Orders of magnitude

Christian Tismer tismer at stackless.com
Tue Mar 30 10:37:31 EST 2004


Robert Brewer wrote:

...

>>[discussion of hashing snipped]
> 
> 
> Thanks again. Really, thanks!
> 
> However, I think you're letting the arrow fly before you've seen the
> target.

Oops :-)
This was a late-night session, then I tend to shoot
early :-)

> I understand hashing and making a bucket for each possible first
> character (I should have read your code more thoroughly). That is a fine
> technique, and it was already on my short list of workarounds.> However,
> your _complete_ solution isn't feasible for my dataset, because I'm
> comparing some fields within each record, not entire records.
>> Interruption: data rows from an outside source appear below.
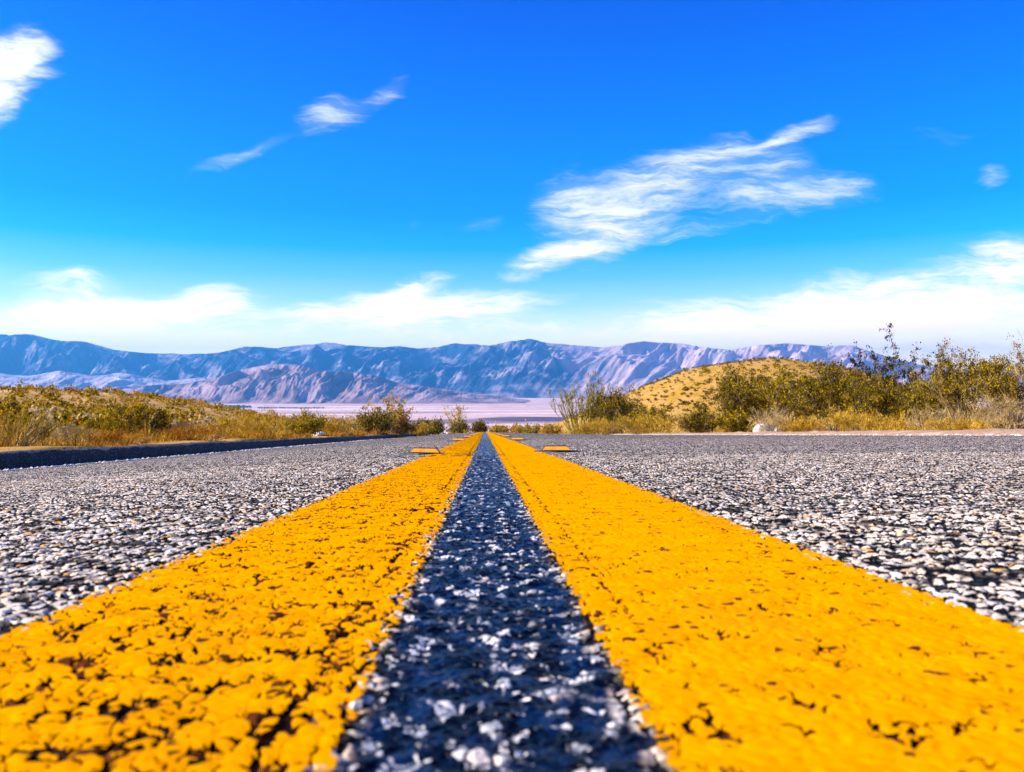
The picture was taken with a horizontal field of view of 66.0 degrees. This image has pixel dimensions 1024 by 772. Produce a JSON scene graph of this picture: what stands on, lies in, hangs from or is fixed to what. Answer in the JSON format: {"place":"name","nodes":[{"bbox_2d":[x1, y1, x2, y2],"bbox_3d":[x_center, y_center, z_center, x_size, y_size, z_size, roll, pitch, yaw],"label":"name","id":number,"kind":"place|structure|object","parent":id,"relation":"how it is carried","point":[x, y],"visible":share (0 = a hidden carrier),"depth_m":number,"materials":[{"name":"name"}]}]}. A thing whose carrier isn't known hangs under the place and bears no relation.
{"place":"outdoors","nodes":[
{"label":"outdoors","id":0,"kind":"place"},
{"bbox_2d":[0,371,208,390],"bbox_3d":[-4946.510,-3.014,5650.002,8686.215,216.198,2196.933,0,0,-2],"label":"foothills","id":1,"kind":"structure","parent":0,"point":[61,379],"depth_m":5281.19,"materials":[{"name":"purple stone"}]},
{"bbox_2d":[199,414,210,421],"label":"bank shrub","id":2,"kind":"object","parent":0,"point":[206,419],"visible":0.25,"depth_m":25.48,"materials":[{"name":"plant"}]},
{"bbox_2d":[78,364,530,403],"bbox_3d":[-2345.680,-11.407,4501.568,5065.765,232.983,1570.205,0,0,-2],"label":"lilac hills","id":3,"kind":"structure","parent":0,"point":[282,384],"depth_m":4004.22,"materials":[{"name":"purple stone"}]},
{"bbox_2d":[0,432,1023,771],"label":"road","id":4,"kind":"structure","parent":0,"point":[492,656],"depth_m":0.54,"materials":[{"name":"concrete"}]},
{"bbox_2d":[6,442,341,470],"bbox_3d":[-3.757,0.788,8.827,0.092,1.464,25.900,0,0,-2],"label":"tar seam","id":5,"kind":"object","parent":4,"relation":"on","point":[139,459],"visible":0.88,"depth_m":7.69,"materials":[{"name":"black asphalt"}]},
{"bbox_2d":[0,436,412,470],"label":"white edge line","id":6,"kind":"object","parent":4,"relation":"on","point":[133,459],"visible":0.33,"depth_m":7.57,"materials":[{"name":"paint"}]},
{"bbox_2d":[0,434,427,469],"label":"kerb","id":7,"kind":"structure","parent":4,"relation":"on","point":[18,459],"depth_m":9.10,"materials":[{"name":"concrete"}]},
{"bbox_2d":[0,432,483,771],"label":"yellow line","id":8,"kind":"object","parent":4,"relation":"on","point":[230,703],"visible":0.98,"depth_m":0.32,"materials":[{"name":"paint"}]},
{"bbox_2d":[403,447,446,454],"bbox_3d":[-0.318,0.245,2.958,0.189,0.030,0.151,1,-3,-2],"label":"road marker","id":9,"kind":"object","parent":4,"relation":"on","point":[423,450],"visible":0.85,"depth_m":2.92,"materials":[{"name":"plastic"}]},
{"bbox_2d":[449,438,464,440],"bbox_3d":[-0.442,0.451,6.606,0.189,0.030,0.151,1,-3,-2],"label":"road marker","id":10,"kind":"object","parent":4,"relation":"on","point":[457,439],"visible":0.81,"depth_m":6.57,"materials":[{"name":"orange"}]},
{"bbox_2d":[3,434,1022,470],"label":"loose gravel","id":11,"kind":"structure","parent":4,"relation":"on","point":[21,468],"depth_m":9.56,"materials":[{"name":"grey gravel"}]},
{"bbox_2d":[510,437,523,439],"bbox_3d":[0.051,0.451,6.703,0.189,0.030,0.151,0,-3,-2],"label":"road marker","id":12,"kind":"object","parent":4,"relation":"on","point":[516,438],"visible":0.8,"depth_m":6.67,"materials":[{"name":"yellow plastic"}]},
{"bbox_2d":[534,445,579,452],"bbox_3d":[0.175,0.245,3.055,0.189,0.030,0.151,0,-3,-2],"label":"road marker","id":13,"kind":"object","parent":4,"relation":"on","point":[555,448],"visible":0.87,"depth_m":3.02,"materials":[{"name":"yellow plastic"}]},
{"bbox_2d":[486,432,1023,771],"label":"yellow line","id":14,"kind":"object","parent":4,"relation":"on","point":[841,742],"visible":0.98,"depth_m":0.31,"materials":[{"name":"paint"}]},
{"bbox_2d":[0,334,1023,397],"bbox_3d":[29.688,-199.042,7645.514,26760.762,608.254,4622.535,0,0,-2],"label":"mountains","id":15,"kind":"structure","parent":0,"point":[529,368],"depth_m":6444.94,"materials":[{"name":"stone"}]},
{"bbox_2d":[0,359,1023,451],"bbox_3d":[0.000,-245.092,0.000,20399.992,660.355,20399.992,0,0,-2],"label":"ground","id":16,"kind":"structure","parent":0,"point":[535,410],"depth_m":135.57,"materials":[{"name":"beige sand"}]},
{"bbox_2d":[0,408,7,417],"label":"bank shrub","id":17,"kind":"object","parent":16,"relation":"on","point":[1,410],"visible":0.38,"depth_m":19.32,"materials":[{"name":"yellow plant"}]},
{"bbox_2d":[0,398,21,412],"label":"bank shrub","id":18,"kind":"object","parent":16,"relation":"on","point":[12,405],"visible":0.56,"depth_m":21.80,"materials":[{"name":"green plant"}]},
{"bbox_2d":[4,408,37,420],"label":"bank shrub","id":19,"kind":"object","parent":16,"relation":"on","point":[29,413],"visible":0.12,"depth_m":18.86,"materials":[{"name":"green plant"}]},
{"bbox_2d":[0,402,61,446],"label":"broom shrub","id":20,"kind":"object","parent":16,"relation":"on","point":[22,422],"visible":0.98,"depth_m":8.55,"materials":[{"name":"yellow plant"}]},
{"bbox_2d":[30,405,47,413],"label":"bank shrub","id":21,"kind":"object","parent":16,"relation":"on","point":[38,410],"visible":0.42,"depth_m":22.59,"materials":[{"name":"plant"}]},
{"bbox_2d":[36,418,59,426],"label":"bank shrub","id":22,"kind":"object","parent":16,"relation":"on","point":[57,423],"visible":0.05,"depth_m":15.11,"materials":[{"name":"plant"}]},
{"bbox_2d":[36,410,62,419],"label":"bank shrub","id":23,"kind":"object","parent":16,"relation":"on","point":[50,415],"visible":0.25,"depth_m":19.23,"materials":[{"name":"plant"}]},
{"bbox_2d":[48,406,63,412],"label":"bank shrub","id":24,"kind":"object","parent":16,"relation":"on","point":[58,409],"visible":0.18,"depth_m":23.46,"materials":[{"name":"plant"}]},
{"bbox_2d":[52,410,76,418],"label":"bank shrub","id":25,"kind":"object","parent":16,"relation":"on","point":[57,415],"visible":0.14,"depth_m":19.61,"materials":[{"name":"green plant"}]},
{"bbox_2d":[41,411,93,434],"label":"bank shrub","id":26,"kind":"object","parent":16,"relation":"on","point":[64,417],"visible":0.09,"depth_m":15.15,"materials":[{"name":"green plant"}]},
{"bbox_2d":[39,421,101,445],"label":"dead shrub","id":27,"kind":"object","parent":16,"relation":"on","point":[63,431],"visible":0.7,"depth_m":9.82,"materials":[{"name":"brown plant"}]},
{"bbox_2d":[60,407,84,416],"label":"bank shrub","id":28,"kind":"object","parent":16,"relation":"on","point":[74,411],"visible":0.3,"depth_m":22.37,"materials":[{"name":"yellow plant"}]},
{"bbox_2d":[65,416,80,423],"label":"bank shrub","id":29,"kind":"object","parent":16,"relation":"on","point":[71,419],"visible":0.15,"depth_m":17.82,"materials":[{"name":"orange plant"}]},
{"bbox_2d":[71,412,98,419],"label":"bank shrub","id":30,"kind":"object","parent":16,"relation":"on","point":[84,414],"visible":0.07,"depth_m":19.93,"materials":[{"name":"plant"}]},
{"bbox_2d":[89,408,104,415],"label":"bank shrub","id":31,"kind":"object","parent":16,"relation":"on","point":[97,413],"visible":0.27,"depth_m":23.45,"materials":[{"name":"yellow plant"}]},
{"bbox_2d":[71,412,123,442],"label":"bush","id":32,"kind":"object","parent":16,"relation":"on","point":[106,421],"visible":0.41,"depth_m":10.89,"materials":[{"name":"green plant"}]},
{"bbox_2d":[84,425,153,444],"bbox_3d":[-5.181,0.656,10.463,0.870,0.296,0.845,0,0,-17],"label":"grass mound","id":33,"kind":"object","parent":16,"relation":"on","point":[126,436],"depth_m":10.33,"materials":[{"name":"plant"}]},
{"bbox_2d":[91,397,176,439],"bbox_3d":[-6.182,0.561,13.030,1.216,0.778,1.080,0,0,-2],"label":"creosote bush","id":34,"kind":"object","parent":16,"relation":"on","point":[142,418],"visible":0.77,"depth_m":12.99,"materials":[{"name":"green plant"}]},
{"bbox_2d":[0,379,352,431],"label":"bank brush","id":35,"kind":"object","parent":16,"relation":"on","point":[57,403],"visible":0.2,"depth_m":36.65,"materials":[{"name":"green plant"}]},
{"bbox_2d":[158,418,203,438],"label":"dead shrub","id":36,"kind":"object","parent":16,"relation":"on","point":[182,423],"visible":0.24,"depth_m":13.44,"materials":[{"name":"brown plant"}]},
{"bbox_2d":[147,420,234,440],"bbox_3d":[-5.293,0.738,13.030,1.327,0.380,1.429,0,0,37],"label":"grass mound","id":37,"kind":"object","parent":16,"relation":"on","point":[179,430],"depth_m":12.82,"materials":[{"name":"plant"}]},
{"bbox_2d":[0,406,386,446],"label":"golden grass","id":38,"kind":"structure","parent":16,"relation":"on","point":[27,442],"depth_m":11.94,"materials":[{"name":"plant"}]},
{"bbox_2d":[0,428,407,446],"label":"dry grass","id":39,"kind":"structure","parent":16,"relation":"on","point":[260,435],"depth_m":13.19,"materials":[{"name":"yellow plant"}]},
{"bbox_2d":[210,407,298,436],"bbox_3d":[-5.659,0.806,17.434,1.871,0.821,1.962,0,0,-2],"label":"grass mound","id":40,"kind":"object","parent":16,"relation":"on","point":[250,421],"depth_m":17.35,"materials":[{"name":"plant"}]},
{"bbox_2d":[220,405,323,407],"bbox_3d":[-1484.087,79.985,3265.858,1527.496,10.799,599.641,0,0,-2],"label":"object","id":41,"kind":"structure","parent":16,"relation":"on","point":[246,406],"depth_m":3012.32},
{"bbox_2d":[282,408,328,435],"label":"yellow bush","id":42,"kind":"object","parent":16,"relation":"on","point":[306,423],"visible":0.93,"depth_m":20.34,"materials":[{"name":"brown plant"}]},
{"bbox_2d":[311,432,325,435],"bbox_3d":[-5.867,1.488,24.034,0.419,0.200,0.392,0,0,34],"label":"boulder","id":43,"kind":"object","parent":16,"relation":"on","point":[320,434],"visible":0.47,"depth_m":23.88,"materials":[{"name":"stone"}]},
{"bbox_2d":[314,412,361,434],"bbox_3d":[-5.848,1.247,25.984,1.864,0.872,1.972,0,0,-2],"label":"grass mound","id":44,"kind":"object","parent":16,"relation":"on","point":[334,426],"depth_m":25.85,"materials":[{"name":"plant"}]},
{"bbox_2d":[339,406,401,432],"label":"creosote bush","id":45,"kind":"object","parent":16,"relation":"on","point":[381,421],"visible":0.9,"depth_m":33.45,"materials":[{"name":"green plant"}]},
{"bbox_2d":[360,391,408,434],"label":"dead stalks","id":46,"kind":"object","parent":16,"relation":"on","point":[399,413],"visible":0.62,"depth_m":34.82,"materials":[{"name":"plant"}]},
{"bbox_2d":[384,404,422,437],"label":"bush","id":47,"kind":"object","parent":16,"relation":"on","point":[403,427],"visible":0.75,"depth_m":35.88,"materials":[{"name":"plant"}]},
{"bbox_2d":[408,420,433,435],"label":"bush","id":48,"kind":"object","parent":16,"relation":"on","point":[422,429],"depth_m":45.63,"materials":[{"name":"plant"}]},
{"bbox_2d":[414,417,435,434],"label":"bush","id":49,"kind":"object","parent":16,"relation":"on","point":[431,423],"visible":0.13,"depth_m":65.91,"materials":[{"name":"green plant"}]},
{"bbox_2d":[429,415,446,434],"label":"bush","id":50,"kind":"object","parent":16,"relation":"on","point":[439,427],"visible":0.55,"depth_m":69.73,"materials":[{"name":"green plant"}]},
{"bbox_2d":[442,403,468,426],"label":"dead shrub","id":51,"kind":"object","parent":16,"relation":"on","point":[459,411],"visible":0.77,"depth_m":75.86,"materials":[{"name":"beige plant"}]},
{"bbox_2d":[446,419,470,433],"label":"bush","id":52,"kind":"object","parent":16,"relation":"on","point":[458,427],"visible":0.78,"depth_m":74.62,"materials":[{"name":"green plant"}]},
{"bbox_2d":[468,418,488,432],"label":"bush","id":53,"kind":"object","parent":16,"relation":"on","point":[480,426],"visible":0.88,"depth_m":77.62,"materials":[{"name":"green plant"}]},
{"bbox_2d":[487,421,510,432],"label":"bush","id":54,"kind":"object","parent":16,"relation":"on","point":[500,428],"visible":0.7,"depth_m":79.72,"materials":[{"name":"green plant"}]},
{"bbox_2d":[430,428,568,434],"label":"grass","id":55,"kind":"structure","parent":16,"relation":"on","point":[465,431],"depth_m":64.27,"materials":[{"name":"plant"}]},
{"bbox_2d":[508,422,524,432],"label":"bush","id":56,"kind":"object","parent":16,"relation":"on","point":[515,428],"visible":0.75,"depth_m":73.65,"materials":[{"name":"green plant"}]},
{"bbox_2d":[519,419,541,433],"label":"bush","id":57,"kind":"object","parent":16,"relation":"on","point":[527,428],"visible":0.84,"depth_m":67.59,"materials":[{"name":"green plant"}]},
{"bbox_2d":[538,418,563,433],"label":"bush","id":58,"kind":"object","parent":16,"relation":"on","point":[547,428],"visible":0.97,"depth_m":61.66,"materials":[{"name":"yellow plant"}]},
{"bbox_2d":[548,371,610,433],"bbox_3d":[3.258,0.833,37.898,3.086,3.333,3.020,0,0,-2],"label":"broom shrub","id":59,"kind":"object","parent":16,"relation":"on","point":[569,397],"visible":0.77,"depth_m":37.99,"materials":[{"name":"green plant"}]},
{"bbox_2d":[570,415,621,434],"bbox_3d":[3.434,1.682,32.981,2.384,1.003,2.554,0,0,-2],"label":"grass mound","id":60,"kind":"object","parent":16,"relation":"on","point":[597,428],"depth_m":32.65,"materials":[{"name":"plant"}]},
{"bbox_2d":[579,382,640,433],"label":"creosote bush","id":61,"kind":"object","parent":16,"relation":"on","point":[611,405],"visible":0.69,"depth_m":36.59,"materials":[{"name":"green plant"}]},
{"bbox_2d":[611,384,642,432],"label":"dead stalks","id":62,"kind":"object","parent":16,"relation":"on","point":[636,400],"visible":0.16,"depth_m":38.65,"materials":[{"name":"brown plant"}]},
{"bbox_2d":[624,403,676,432],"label":"bush","id":63,"kind":"object","parent":16,"relation":"on","point":[653,411],"visible":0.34,"depth_m":35.72,"materials":[{"name":"green plant"}]},
{"bbox_2d":[605,404,708,434],"bbox_3d":[4.972,1.148,27.047,3.572,1.109,3.520,0,0,37],"label":"grass mound","id":64,"kind":"object","parent":16,"relation":"on","point":[639,423],"depth_m":26.60,"materials":[{"name":"plant"}]},
{"bbox_2d":[680,401,690,404],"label":"hill shrub","id":65,"kind":"object","parent":16,"relation":"on","point":[683,402],"visible":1,"depth_m":119.96,"materials":[{"name":"green plant"}]},
{"bbox_2d":[673,406,720,432],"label":"bush","id":66,"kind":"object","parent":16,"relation":"on","point":[696,422],"visible":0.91,"depth_m":24.78,"materials":[{"name":"green plant"}]},
{"bbox_2d":[714,406,755,431],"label":"bush","id":67,"kind":"object","parent":16,"relation":"on","point":[735,422],"visible":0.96,"depth_m":19.31,"materials":[{"name":"green plant"}]},
{"bbox_2d":[697,364,782,427],"bbox_3d":[6.274,0.326,21.904,2.294,2.098,2.338,0,0,-26],"label":"creosote bush","id":68,"kind":"object","parent":16,"relation":"on","point":[731,392],"visible":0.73,"depth_m":21.65,"materials":[{"name":"green plant"}]},
{"bbox_2d":[753,423,773,431],"bbox_3d":[5.607,1.014,17.612,0.456,0.383,0.312,0,0,-2],"label":"boulder","id":69,"kind":"object","parent":16,"relation":"on","point":[758,427],"visible":0.43,"depth_m":17.48,"materials":[{"name":"stone"}]},
{"bbox_2d":[748,402,793,431],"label":"dead shrub","id":70,"kind":"object","parent":16,"relation":"on","point":[775,417],"visible":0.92,"depth_m":17.43,"materials":[{"name":"beige plant"}]},
{"bbox_2d":[737,356,817,429],"bbox_3d":[7.315,0.215,21.094,2.428,2.040,2.294,0,0,-2],"label":"creosote bush","id":71,"kind":"object","parent":16,"relation":"on","point":[772,397],"visible":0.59,"depth_m":20.81,"materials":[{"name":"green plant"}]},
{"bbox_2d":[569,356,999,417],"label":"hill brush","id":72,"kind":"object","parent":16,"relation":"on","point":[703,366],"visible":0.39,"depth_m":136.62,"materials":[{"name":"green plant"}]},
{"bbox_2d":[558,417,1020,433],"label":"roadside grass","id":73,"kind":"structure","parent":16,"relation":"on","point":[719,430],"depth_m":17.22,"materials":[{"name":"plant"}]},
{"bbox_2d":[779,413,828,431],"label":"grass mound","id":74,"kind":"object","parent":16,"relation":"on","point":[803,425],"depth_m":16.32,"materials":[{"name":"plant"}]},
{"bbox_2d":[809,343,843,430],"bbox_3d":[7.529,0.058,18.857,0.914,2.148,1.035,0,0,30],"label":"airy creosote","id":75,"kind":"object","parent":16,"relation":"on","point":[819,364],"visible":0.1,"depth_m":18.83,"materials":[{"name":"green plant"}]},
{"bbox_2d":[783,359,870,430],"bbox_3d":[7.321,0.215,17.976,2.089,1.762,2.083,0,0,35],"label":"creosote bush","id":76,"kind":"object","parent":16,"relation":"on","point":[819,395],"visible":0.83,"depth_m":17.96,"materials":[{"name":"green plant"}]},
{"bbox_2d":[826,339,865,415],"bbox_3d":[8.028,0.001,19.128,0.882,2.243,1.280,0,0,9],"label":"airy creosote","id":77,"kind":"object","parent":16,"relation":"on","point":[841,365],"visible":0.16,"depth_m":18.88,"materials":[{"name":"green plant"}]},
{"bbox_2d":[825,404,913,430],"bbox_3d":[6.181,0.576,13.670,1.429,0.557,1.429,0,0,28],"label":"grass mound","id":78,"kind":"object","parent":16,"relation":"on","point":[866,421],"depth_m":13.58,"materials":[{"name":"plant"}]},
{"bbox_2d":[838,371,918,426],"bbox_3d":[7.330,0.316,15.506,1.601,1.257,1.523,0,0,-17],"label":"creosote bush","id":79,"kind":"object","parent":16,"relation":"on","point":[873,396],"visible":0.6,"depth_m":15.36,"materials":[{"name":"green plant"}]},
{"bbox_2d":[842,323,943,420],"bbox_3d":[8.247,-0.193,17.126,2.138,2.367,1.392,0,0,21],"label":"airy creosote","id":80,"kind":"object","parent":16,"relation":"on","point":[889,364],"visible":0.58,"depth_m":17.09,"materials":[{"name":"green plant"}]},
{"bbox_2d":[887,351,932,421],"bbox_3d":[8.100,0.082,16.057,0.970,1.690,0.672,0,0,31],"label":"airy creosote","id":81,"kind":"object","parent":16,"relation":"on","point":[920,372],"visible":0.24,"depth_m":15.97,"materials":[{"name":"green plant"}]},
{"bbox_2d":[889,371,947,429],"bbox_3d":[7.550,0.292,14.520,1.050,1.152,1.315,0,0,-2],"label":"creosote bush","id":82,"kind":"object","parent":16,"relation":"on","point":[917,403],"visible":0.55,"depth_m":14.40,"materials":[{"name":"green plant"}]},
{"bbox_2d":[902,400,977,430],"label":"dead shrub","id":83,"kind":"object","parent":16,"relation":"on","point":[909,424],"visible":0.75,"depth_m":11.75,"materials":[{"name":"beige plant"}]},
{"bbox_2d":[909,347,978,418],"bbox_3d":[8.333,0.043,14.920,1.202,1.651,1.058,0,0,-2],"label":"airy creosote","id":84,"kind":"object","parent":16,"relation":"on","point":[926,366],"visible":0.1,"depth_m":15.07,"materials":[{"name":"green plant"}]},
{"bbox_2d":[921,414,993,430],"bbox_3d":[6.456,0.529,11.284,0.917,0.329,1.020,0,0,-2],"label":"grass mound","id":85,"kind":"object","parent":16,"relation":"on","point":[967,425],"depth_m":11.18,"materials":[{"name":"plant"}]},
{"bbox_2d":[911,337,1021,427],"bbox_3d":[7.450,-0.053,12.992,1.568,1.642,1.861,0,0,27],"label":"twiggy bush","id":86,"kind":"object","parent":16,"relation":"on","point":[948,390],"visible":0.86,"depth_m":12.96,"materials":[{"name":"green plant"}]},
{"bbox_2d":[949,334,1023,428],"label":"twiggy bush","id":87,"kind":"object","parent":16,"relation":"on","point":[994,390],"visible":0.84,"depth_m":12.37,"materials":[{"name":"green plant"}]},
{"bbox_2d":[968,390,1023,428],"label":"dead shrub","id":88,"kind":"object","parent":16,"relation":"on","point":[991,414],"visible":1,"depth_m":10.59,"materials":[{"name":"beige plant"}]},
{"bbox_2d":[1000,330,1023,421],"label":"dead stalks","id":89,"kind":"object","parent":16,"relation":"on","point":[1017,367],"visible":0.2,"depth_m":13.54,"materials":[{"name":"brown plant"}]},
{"bbox_2d":[0,0,1023,369],"label":"sky","id":90,"kind":"structure","parent":0,"point":[177,176],"materials":[{"name":"blue"}]},
{"bbox_2d":[596,428,1023,435],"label":"dirt shoulder","id":91,"kind":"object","parent":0,"point":[994,432],"visible":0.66,"depth_m":10.28}
]}

Sure, that's why I have a file-like object as parameter,
and you are supposed to do you preprocessing and create
the string that should represent the interesting part of
a record. I didn't plan to code that for you, but
expected you would want to provide your function and
use stuff at your convenience.

> For
> example, with rows like:
> 
> "Michael","Kemperson","26002","me at aol.com","64.12.104.18"
> "Ryan","Thomas","46723","myfriend at yahoo.com","209.244.21.23"
> "Vicki","Thomas","46723","myfriend at yahoo.com","209.244.21.23"
> "Shanuana","Hedlund","10415","andi at yahoo.com","122.150.184.175"
> 
> ...I need to keep Ryan and dump Vicki, based on shared email and IP, but
> *not* on the other fields. If Vicki had the same email but a different
> IP, don't drop that record, but blank out the 2nd phone number. In
> addition, most but not all files have phone numbers, which get the same
> treatment. That's why I said I have three dicts/indexes.
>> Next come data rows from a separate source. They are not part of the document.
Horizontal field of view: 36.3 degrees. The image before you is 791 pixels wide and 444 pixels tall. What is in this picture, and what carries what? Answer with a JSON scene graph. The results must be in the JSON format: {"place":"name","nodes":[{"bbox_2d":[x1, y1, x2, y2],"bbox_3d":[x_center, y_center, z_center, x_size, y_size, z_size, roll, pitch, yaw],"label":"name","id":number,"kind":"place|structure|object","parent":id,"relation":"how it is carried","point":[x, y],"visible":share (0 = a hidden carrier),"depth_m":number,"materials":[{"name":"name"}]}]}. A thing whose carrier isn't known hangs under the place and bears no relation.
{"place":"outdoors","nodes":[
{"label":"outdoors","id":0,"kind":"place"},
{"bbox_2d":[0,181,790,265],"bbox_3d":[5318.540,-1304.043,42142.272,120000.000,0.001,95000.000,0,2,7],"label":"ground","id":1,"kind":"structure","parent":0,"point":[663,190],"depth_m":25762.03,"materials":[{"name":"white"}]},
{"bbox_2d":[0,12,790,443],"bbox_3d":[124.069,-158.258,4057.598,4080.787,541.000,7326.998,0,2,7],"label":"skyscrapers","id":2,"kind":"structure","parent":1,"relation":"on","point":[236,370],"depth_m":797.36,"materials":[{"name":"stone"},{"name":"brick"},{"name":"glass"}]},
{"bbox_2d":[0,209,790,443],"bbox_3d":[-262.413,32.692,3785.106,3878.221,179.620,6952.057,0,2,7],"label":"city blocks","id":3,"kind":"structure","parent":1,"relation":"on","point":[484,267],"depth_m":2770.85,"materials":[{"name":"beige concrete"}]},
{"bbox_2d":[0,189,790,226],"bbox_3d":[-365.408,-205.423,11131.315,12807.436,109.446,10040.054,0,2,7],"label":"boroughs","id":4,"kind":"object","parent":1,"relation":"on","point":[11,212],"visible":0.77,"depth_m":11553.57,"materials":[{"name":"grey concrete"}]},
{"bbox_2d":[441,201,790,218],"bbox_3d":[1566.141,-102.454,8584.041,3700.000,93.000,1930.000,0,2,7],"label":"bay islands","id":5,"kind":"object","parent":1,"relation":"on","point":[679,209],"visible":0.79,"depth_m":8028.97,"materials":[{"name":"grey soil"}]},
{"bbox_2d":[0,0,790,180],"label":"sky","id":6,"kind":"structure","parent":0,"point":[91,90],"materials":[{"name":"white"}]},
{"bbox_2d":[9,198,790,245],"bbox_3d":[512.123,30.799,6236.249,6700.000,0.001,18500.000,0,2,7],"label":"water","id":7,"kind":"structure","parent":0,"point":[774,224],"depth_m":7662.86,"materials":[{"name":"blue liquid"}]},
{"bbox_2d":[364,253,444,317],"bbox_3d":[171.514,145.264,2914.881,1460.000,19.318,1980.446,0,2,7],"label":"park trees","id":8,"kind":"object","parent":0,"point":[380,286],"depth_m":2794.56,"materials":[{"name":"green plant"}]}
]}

That's bad, of course, since you were asking how to find duplicates
in database records, which means for me, that a single processing
step is possible which calculates the unique information from
the current record, only.

If you actually need grouping and decisions based upon that,
the apporach doesn't work, since you need to hold all the information
to further process it.
In this case, an external sorting process might make sense,
with the record fields rearranged with email and IP going first,
then you can probably do a sequential process over the data.